N. Barzilai, L. Rossetti

Research output: Contribution to journalArticlepeer-review

79 Scopus citations


Increased body weight (BW) is one of several confounding factors that may contribute to the development of insulin resistance in human aging. Therefore aging-associated increase in BW was determined by 3H2O in Sprague-Dawley (S-D, n = 40) rats and was highly correlated with increased lean body mass (LBM), fat mass (FM), and plasma insulin and free fatty acid (FFA) levels (r2 > 0.850, P < 0.01 for all). Insulin (18 mU · kg-1 · min-1) responsiveness (R(d); 270 ± 10 μmol · kg LBM-1 · min-1, P < 0.01) decreased by 17% between 2 and 4 mo but did not decline further at 14 mo. This decrease was inversely correlated with the increase in FM between 2 and 4 mo (r2 = 0.522, P < 0.05). The decline in R(d) was accompanied by an ~20% decrease in glycolytic rate by 4 mo (P < 0.01) and in glycogen synthesis rate at 14 mo (P < 0.01) compared with 2-mo rats. Thus early impairment in intracellular glucose metabolism occurred concomitantly with an initial, rapid, and disproportionate increase in FM compared with LBM. Further increases in FM after 4 mo of age were not associated with a further decrease in insulin responsiveness in either S-D or Fischer 344 aging rats.
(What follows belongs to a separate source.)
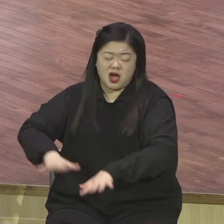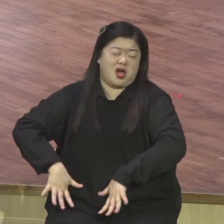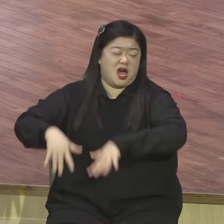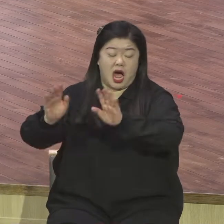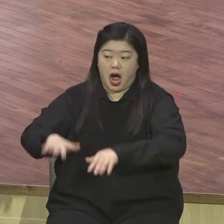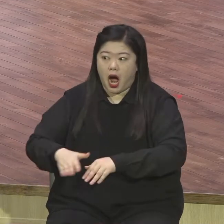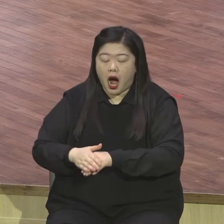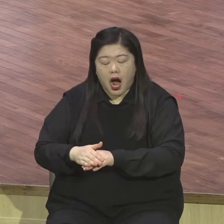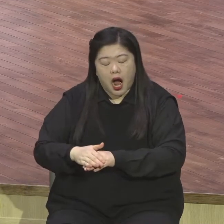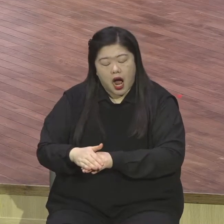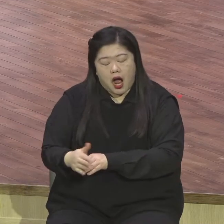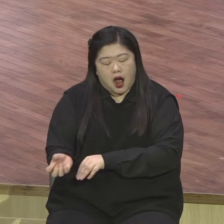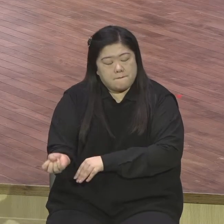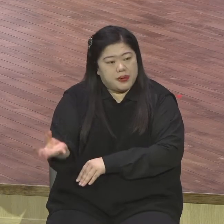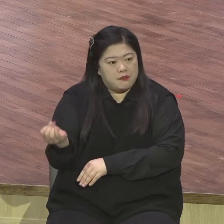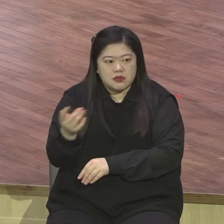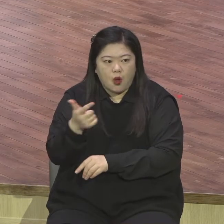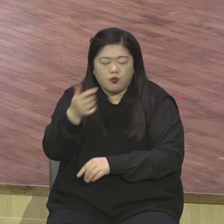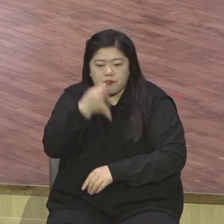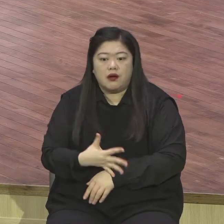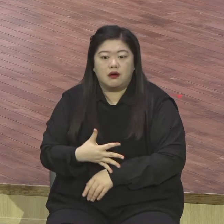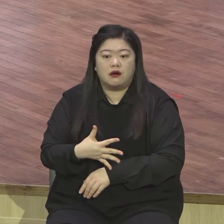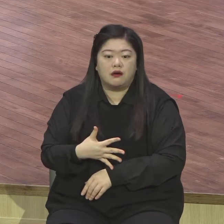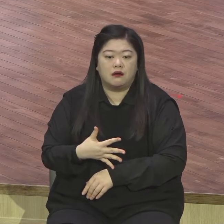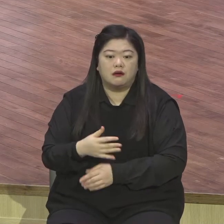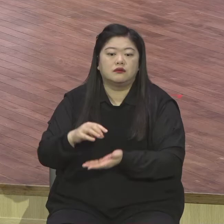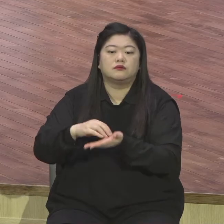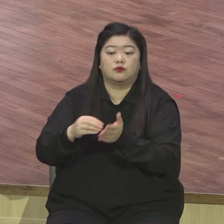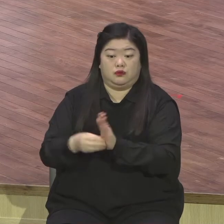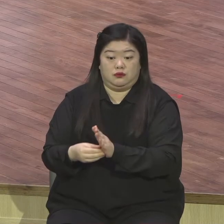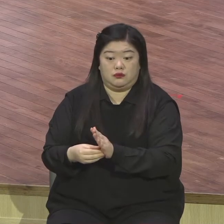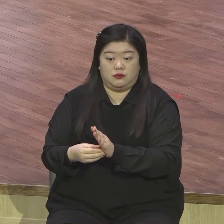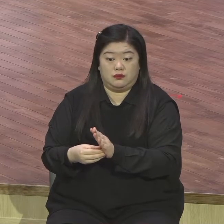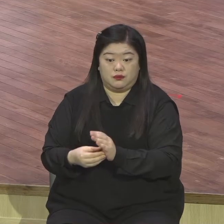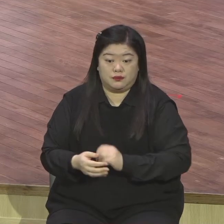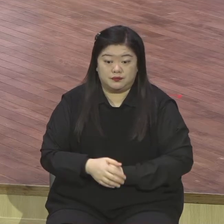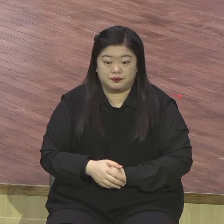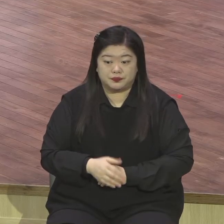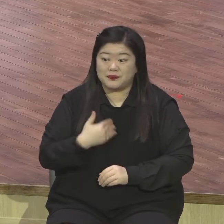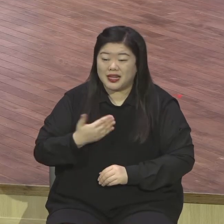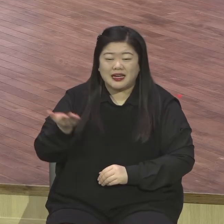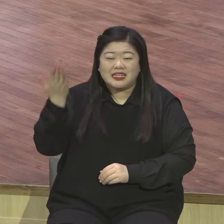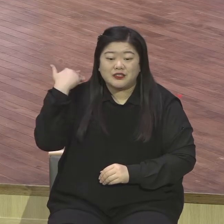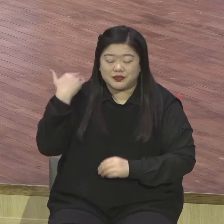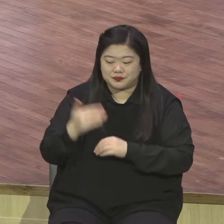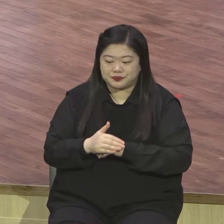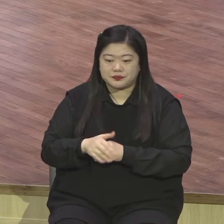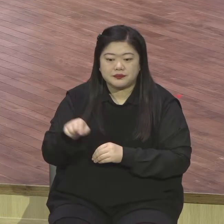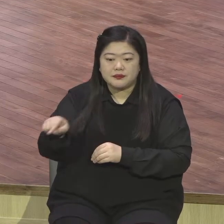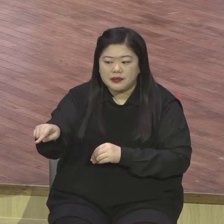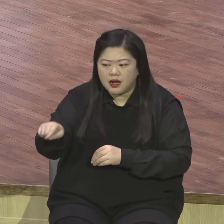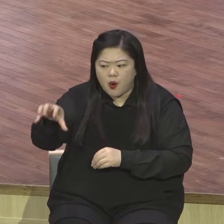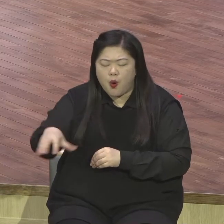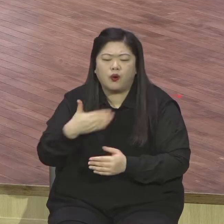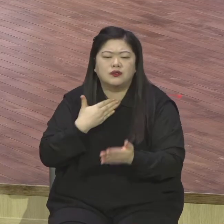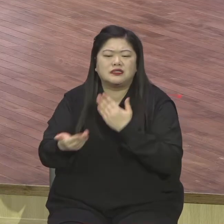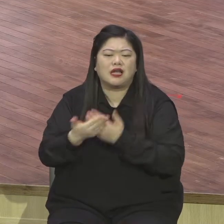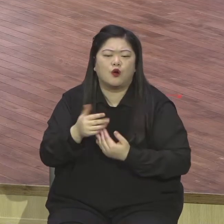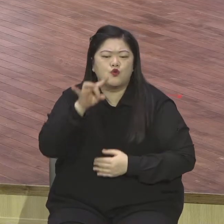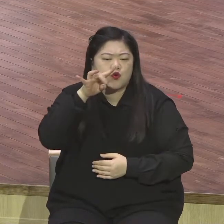돌풍이 몰아쳤어요. 제가 전에 말씀드렸잖아요. 저도 당해봤어요. 딱 이 자리에 갈릴리를 그렇게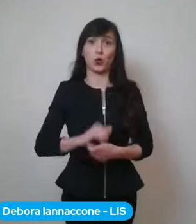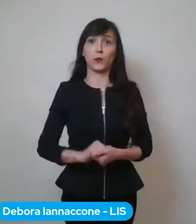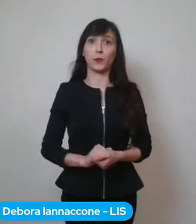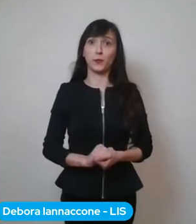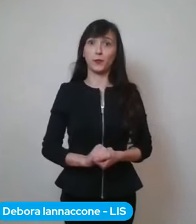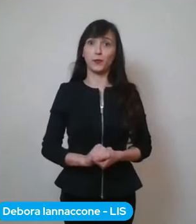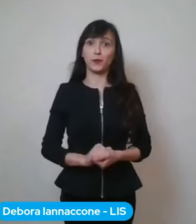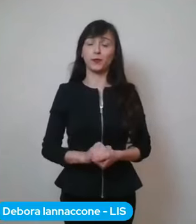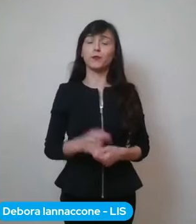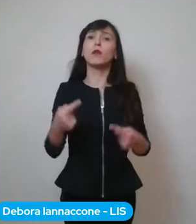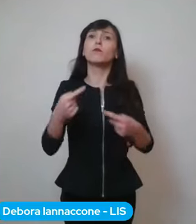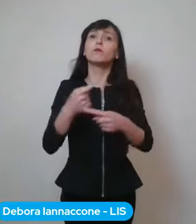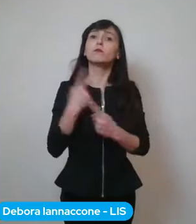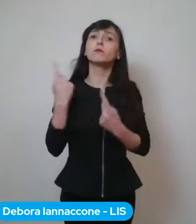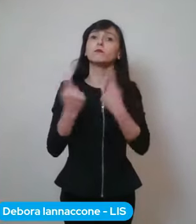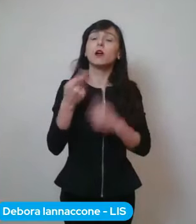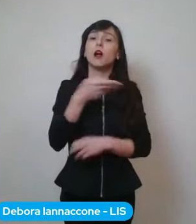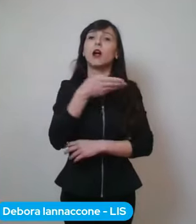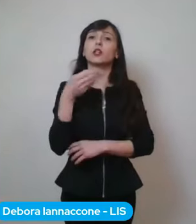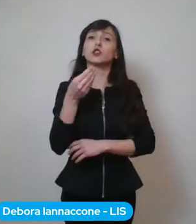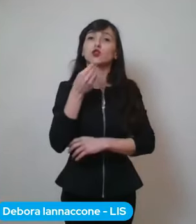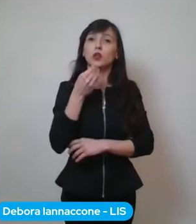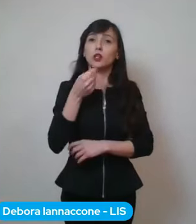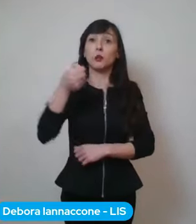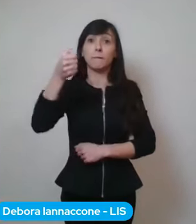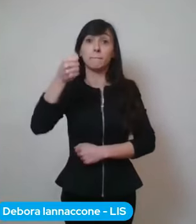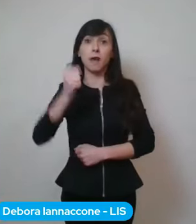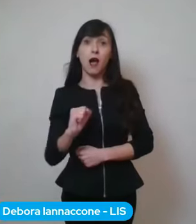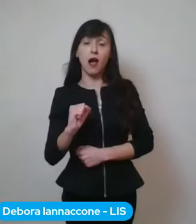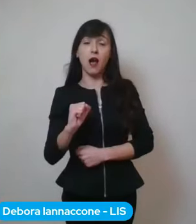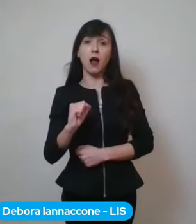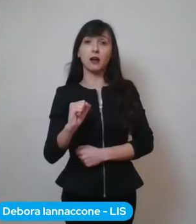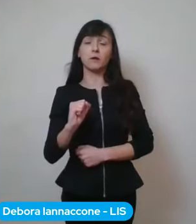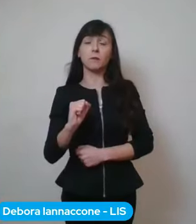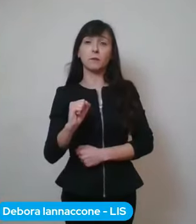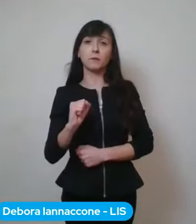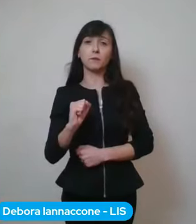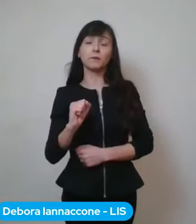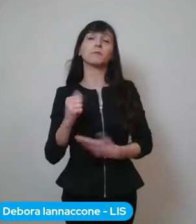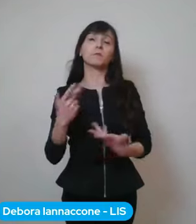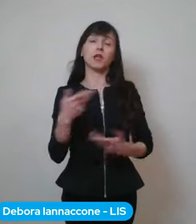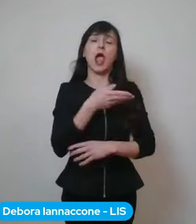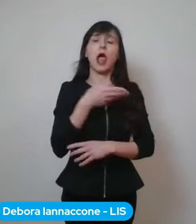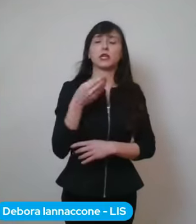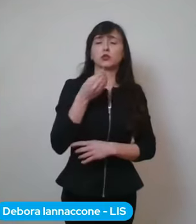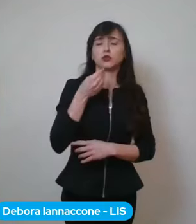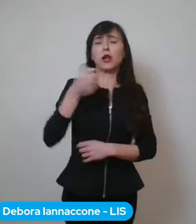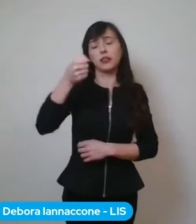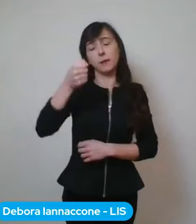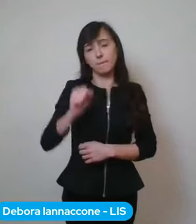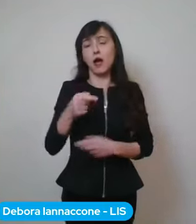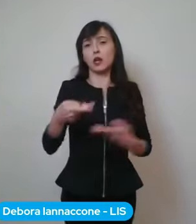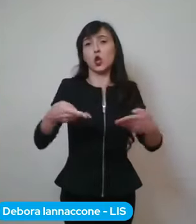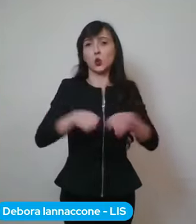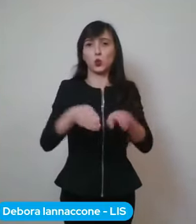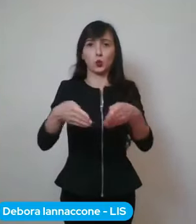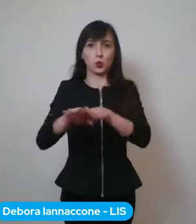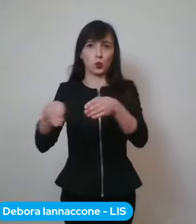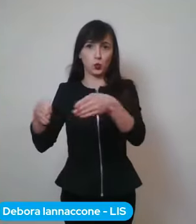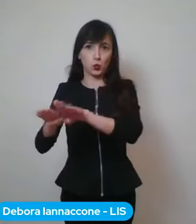la ristorazione e i bar, di fatto i ristoranti e i bar restano chiusi,

Original languageEnglish (US)
Pages (from-to)E591-E597
JournalAmerican Journal of Physiology - Endocrinology and Metabolism
Issue number3 32-3
StatePublished - 1995


  • aging
  • fat mass
  • glycogen synthesis
  • glycolysis
  • lean body mass

ASJC Scopus subject areas

  • Endocrinology, Diabetes and Metabolism
  • Physiology
  • Physiology (medical)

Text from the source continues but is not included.